Ah, yeah, for the purposes of my previous comment I count this as being aligned. If we only have tool AIs (or otherwise alignable AIs), I agree that Evan’s conclusion 2 follow (while the other ones aren’t relevant).
So for homogenity-of-factions, I was specifically trying to say that alignment is necessary to have multiple non-tool AIs on the same faction, because at some point, something must align them all to the faction’s goals.
However, I’m now noticing that this requirement is weaker than what we usually mean with alignment. For our purposes, we want to be able to align AIs to human values. However, for the purpose of building a faction, it’s enough if there exists an AI that can align other AIs to its values, which may be much easier.
Concretely, my best guess is that you need inner alignment, since failure of inner alignment probably produces random goals, which means that multiple inner-misaligned AIs are unlikely to share goals. However, outer alignment is much easier for easily-measurable values than for human values, so I can imagine a world where we fail outer alignment, unthinkingly create an AI that only care about something easy (e.g. maximize money) and then that AI can easily create other AIs that want to help it (with maximizing money).
I disagree with this. I don’t expect a failure of inner alignment to produce random goals, but rather systematically produce goals which are simpler/faster proxies of what we actually want. That is to say, while I expect the goals to look random to us, I don’t actually expect them to differ that much between training runs, since it’s more about your training process’s inductive biases than inherent randomness in the training process in my opinion.
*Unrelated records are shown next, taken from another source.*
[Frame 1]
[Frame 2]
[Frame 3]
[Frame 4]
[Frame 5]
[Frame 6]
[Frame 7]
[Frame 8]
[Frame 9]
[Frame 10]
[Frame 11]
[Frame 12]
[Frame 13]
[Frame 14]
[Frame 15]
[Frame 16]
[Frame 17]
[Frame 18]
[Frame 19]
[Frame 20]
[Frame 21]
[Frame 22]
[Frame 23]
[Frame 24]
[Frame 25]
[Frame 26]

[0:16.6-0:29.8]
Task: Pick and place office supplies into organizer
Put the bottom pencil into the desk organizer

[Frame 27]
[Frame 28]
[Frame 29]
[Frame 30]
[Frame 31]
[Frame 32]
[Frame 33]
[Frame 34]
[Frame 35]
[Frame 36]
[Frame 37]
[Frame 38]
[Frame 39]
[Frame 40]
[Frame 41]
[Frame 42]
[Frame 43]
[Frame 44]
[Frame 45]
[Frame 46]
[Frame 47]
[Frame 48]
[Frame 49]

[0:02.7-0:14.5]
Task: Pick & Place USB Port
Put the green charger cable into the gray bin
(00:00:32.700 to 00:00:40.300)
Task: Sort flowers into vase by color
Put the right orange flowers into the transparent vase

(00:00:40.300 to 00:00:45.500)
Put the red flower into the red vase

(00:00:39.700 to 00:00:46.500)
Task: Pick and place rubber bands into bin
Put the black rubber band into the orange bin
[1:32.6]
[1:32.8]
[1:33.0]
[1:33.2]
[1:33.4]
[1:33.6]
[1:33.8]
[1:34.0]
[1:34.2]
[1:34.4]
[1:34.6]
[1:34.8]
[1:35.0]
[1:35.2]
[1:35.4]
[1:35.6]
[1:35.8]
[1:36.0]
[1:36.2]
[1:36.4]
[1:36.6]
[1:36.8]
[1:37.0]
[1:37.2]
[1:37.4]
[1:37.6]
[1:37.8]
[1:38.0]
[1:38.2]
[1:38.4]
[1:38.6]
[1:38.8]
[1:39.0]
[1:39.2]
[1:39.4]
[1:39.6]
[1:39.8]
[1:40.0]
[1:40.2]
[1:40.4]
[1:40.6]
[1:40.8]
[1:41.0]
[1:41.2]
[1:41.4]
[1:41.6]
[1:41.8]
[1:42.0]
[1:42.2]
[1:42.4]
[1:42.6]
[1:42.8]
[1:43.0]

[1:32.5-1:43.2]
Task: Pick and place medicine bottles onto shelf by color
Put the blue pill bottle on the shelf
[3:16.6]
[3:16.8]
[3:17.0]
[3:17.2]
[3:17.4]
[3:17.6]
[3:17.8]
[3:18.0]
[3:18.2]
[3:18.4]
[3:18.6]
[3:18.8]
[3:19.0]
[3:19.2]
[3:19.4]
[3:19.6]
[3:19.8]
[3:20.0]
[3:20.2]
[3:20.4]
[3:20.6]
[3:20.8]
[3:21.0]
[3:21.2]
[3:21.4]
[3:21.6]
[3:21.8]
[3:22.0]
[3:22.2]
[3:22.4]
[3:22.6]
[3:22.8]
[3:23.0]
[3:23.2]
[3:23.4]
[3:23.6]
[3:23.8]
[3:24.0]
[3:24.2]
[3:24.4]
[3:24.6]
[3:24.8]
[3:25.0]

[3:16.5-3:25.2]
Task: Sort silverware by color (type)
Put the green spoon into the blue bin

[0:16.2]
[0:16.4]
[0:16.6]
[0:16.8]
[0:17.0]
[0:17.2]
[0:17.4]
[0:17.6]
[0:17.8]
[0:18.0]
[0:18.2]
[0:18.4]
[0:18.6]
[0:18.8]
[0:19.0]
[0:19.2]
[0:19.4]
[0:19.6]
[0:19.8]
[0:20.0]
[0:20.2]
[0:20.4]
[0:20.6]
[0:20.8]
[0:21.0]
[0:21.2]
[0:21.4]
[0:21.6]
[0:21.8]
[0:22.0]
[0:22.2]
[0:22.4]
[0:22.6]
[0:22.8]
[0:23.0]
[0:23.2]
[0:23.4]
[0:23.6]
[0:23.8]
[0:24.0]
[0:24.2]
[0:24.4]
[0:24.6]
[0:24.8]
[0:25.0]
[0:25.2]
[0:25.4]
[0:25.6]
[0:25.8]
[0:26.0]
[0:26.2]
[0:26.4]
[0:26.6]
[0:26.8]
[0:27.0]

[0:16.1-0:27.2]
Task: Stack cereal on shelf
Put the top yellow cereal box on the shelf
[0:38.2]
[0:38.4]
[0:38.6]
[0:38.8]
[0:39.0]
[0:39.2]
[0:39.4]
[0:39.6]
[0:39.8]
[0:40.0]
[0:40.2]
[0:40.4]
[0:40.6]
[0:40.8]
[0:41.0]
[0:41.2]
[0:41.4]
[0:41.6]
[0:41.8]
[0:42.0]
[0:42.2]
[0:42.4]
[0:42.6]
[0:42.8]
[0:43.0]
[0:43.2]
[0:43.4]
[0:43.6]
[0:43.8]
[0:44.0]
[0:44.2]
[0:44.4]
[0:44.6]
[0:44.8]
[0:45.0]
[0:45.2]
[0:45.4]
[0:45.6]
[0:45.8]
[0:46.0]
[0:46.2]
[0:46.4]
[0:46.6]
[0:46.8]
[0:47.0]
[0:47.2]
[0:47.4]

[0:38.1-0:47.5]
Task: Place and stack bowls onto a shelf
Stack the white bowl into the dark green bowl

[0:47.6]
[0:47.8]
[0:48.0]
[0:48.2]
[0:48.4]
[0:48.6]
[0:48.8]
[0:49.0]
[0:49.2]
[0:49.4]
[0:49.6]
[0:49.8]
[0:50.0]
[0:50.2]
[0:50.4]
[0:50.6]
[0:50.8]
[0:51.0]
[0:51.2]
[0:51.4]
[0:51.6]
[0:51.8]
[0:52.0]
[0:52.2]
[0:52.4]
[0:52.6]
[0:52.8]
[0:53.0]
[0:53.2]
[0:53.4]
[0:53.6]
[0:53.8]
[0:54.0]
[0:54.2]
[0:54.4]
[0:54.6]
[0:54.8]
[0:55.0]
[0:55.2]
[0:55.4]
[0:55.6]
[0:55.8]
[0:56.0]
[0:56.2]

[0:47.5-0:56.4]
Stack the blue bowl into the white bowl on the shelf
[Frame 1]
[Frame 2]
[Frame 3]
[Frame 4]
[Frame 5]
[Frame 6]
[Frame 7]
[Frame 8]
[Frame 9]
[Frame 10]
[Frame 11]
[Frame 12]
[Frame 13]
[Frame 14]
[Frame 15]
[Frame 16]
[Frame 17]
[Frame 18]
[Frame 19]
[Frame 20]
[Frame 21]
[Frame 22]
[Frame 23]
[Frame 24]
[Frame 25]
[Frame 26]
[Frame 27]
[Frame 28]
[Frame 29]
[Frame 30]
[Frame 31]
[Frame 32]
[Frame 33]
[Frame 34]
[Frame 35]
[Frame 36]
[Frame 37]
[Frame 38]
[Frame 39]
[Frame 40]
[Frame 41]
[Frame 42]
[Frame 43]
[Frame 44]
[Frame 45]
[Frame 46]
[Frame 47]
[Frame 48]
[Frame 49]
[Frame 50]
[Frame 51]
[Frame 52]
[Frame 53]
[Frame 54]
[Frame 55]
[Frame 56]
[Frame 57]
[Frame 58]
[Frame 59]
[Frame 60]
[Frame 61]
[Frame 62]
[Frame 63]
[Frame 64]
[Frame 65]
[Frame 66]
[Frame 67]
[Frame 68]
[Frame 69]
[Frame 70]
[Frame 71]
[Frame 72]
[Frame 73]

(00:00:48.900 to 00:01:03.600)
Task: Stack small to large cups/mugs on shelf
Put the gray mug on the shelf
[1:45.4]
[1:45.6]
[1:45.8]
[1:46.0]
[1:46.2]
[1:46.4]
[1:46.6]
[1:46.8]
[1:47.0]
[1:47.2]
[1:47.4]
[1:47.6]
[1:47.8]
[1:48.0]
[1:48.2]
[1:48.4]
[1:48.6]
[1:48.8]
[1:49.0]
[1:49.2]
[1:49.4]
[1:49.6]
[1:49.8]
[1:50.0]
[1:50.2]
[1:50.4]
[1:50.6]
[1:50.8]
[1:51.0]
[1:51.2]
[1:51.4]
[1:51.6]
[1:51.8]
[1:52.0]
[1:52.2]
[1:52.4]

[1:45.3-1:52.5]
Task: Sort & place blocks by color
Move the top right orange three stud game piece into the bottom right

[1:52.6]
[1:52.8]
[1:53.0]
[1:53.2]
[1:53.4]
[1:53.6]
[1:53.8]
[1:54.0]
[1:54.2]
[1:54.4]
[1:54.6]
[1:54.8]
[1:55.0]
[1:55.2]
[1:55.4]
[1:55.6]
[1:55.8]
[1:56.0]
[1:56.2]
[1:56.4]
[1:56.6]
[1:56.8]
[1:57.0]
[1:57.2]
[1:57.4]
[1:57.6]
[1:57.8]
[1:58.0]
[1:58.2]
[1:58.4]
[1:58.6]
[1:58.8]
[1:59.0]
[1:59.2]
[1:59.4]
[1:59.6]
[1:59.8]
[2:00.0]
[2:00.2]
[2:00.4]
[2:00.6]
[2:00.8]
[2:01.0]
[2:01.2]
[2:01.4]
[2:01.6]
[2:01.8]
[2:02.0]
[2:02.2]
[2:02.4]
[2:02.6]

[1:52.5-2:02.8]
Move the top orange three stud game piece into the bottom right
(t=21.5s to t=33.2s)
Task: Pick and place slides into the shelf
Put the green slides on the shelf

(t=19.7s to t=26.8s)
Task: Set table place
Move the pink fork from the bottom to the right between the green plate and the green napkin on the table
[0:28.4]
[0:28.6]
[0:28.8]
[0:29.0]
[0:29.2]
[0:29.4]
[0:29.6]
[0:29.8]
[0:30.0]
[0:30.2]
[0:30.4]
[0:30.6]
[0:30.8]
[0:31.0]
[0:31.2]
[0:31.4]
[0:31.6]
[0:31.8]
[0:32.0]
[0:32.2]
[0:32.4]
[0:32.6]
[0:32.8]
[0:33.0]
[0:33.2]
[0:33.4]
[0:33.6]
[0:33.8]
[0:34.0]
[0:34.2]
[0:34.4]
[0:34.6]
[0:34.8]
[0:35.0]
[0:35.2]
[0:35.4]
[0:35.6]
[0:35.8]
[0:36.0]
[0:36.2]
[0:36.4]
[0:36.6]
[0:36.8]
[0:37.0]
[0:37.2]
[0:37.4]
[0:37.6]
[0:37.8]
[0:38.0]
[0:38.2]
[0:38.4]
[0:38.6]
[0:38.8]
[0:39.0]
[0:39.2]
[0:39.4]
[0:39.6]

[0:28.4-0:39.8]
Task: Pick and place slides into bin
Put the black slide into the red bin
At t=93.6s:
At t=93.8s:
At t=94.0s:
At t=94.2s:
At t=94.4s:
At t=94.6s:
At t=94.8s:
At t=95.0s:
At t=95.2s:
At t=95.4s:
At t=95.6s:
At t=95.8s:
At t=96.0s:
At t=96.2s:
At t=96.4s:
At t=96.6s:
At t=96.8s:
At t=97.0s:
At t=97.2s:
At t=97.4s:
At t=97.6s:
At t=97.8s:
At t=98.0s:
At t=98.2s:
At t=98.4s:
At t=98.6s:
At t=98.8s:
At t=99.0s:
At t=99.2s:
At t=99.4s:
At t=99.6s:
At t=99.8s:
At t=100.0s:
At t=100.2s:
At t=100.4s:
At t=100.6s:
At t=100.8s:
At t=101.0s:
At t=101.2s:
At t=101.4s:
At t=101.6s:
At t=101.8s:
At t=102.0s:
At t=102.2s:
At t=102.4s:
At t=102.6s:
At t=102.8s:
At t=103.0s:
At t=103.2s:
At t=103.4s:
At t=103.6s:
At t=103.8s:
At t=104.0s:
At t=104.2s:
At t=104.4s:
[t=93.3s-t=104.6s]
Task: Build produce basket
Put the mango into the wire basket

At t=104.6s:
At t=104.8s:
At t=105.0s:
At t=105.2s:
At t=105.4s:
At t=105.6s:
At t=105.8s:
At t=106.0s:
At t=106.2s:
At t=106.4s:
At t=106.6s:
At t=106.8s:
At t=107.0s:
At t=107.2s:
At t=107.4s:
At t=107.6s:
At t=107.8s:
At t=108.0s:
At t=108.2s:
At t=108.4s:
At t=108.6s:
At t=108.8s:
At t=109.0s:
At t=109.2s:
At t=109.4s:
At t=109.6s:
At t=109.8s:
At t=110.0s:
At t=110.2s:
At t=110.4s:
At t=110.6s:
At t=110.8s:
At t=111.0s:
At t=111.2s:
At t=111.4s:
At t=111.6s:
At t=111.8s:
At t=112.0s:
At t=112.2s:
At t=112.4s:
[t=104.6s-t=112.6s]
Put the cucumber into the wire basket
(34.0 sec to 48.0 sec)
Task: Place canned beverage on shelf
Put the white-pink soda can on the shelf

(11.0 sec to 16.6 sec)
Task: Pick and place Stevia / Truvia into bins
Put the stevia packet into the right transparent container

This is helpful, thanks. I’m not sure I agree that for something to count as a faction, the members must be aligned with each other. I think it still counts if the members have wildly different goals but are temporarily collaborating for instrumental reasons, or even if several of the members are secretly working for the other side. For example, in WW2 there were spies on both sides, as well as many people (e.g. most ordinary soldiers) who didn’t really believe in the cause and would happily defect if they could get away with it. Yet the overall structure of the opposing forces was very similar, from the fighter aircraft designs, to the battleship designs, to the relative proportions of fighter planes and battleships, to the way they were integrated into command structure.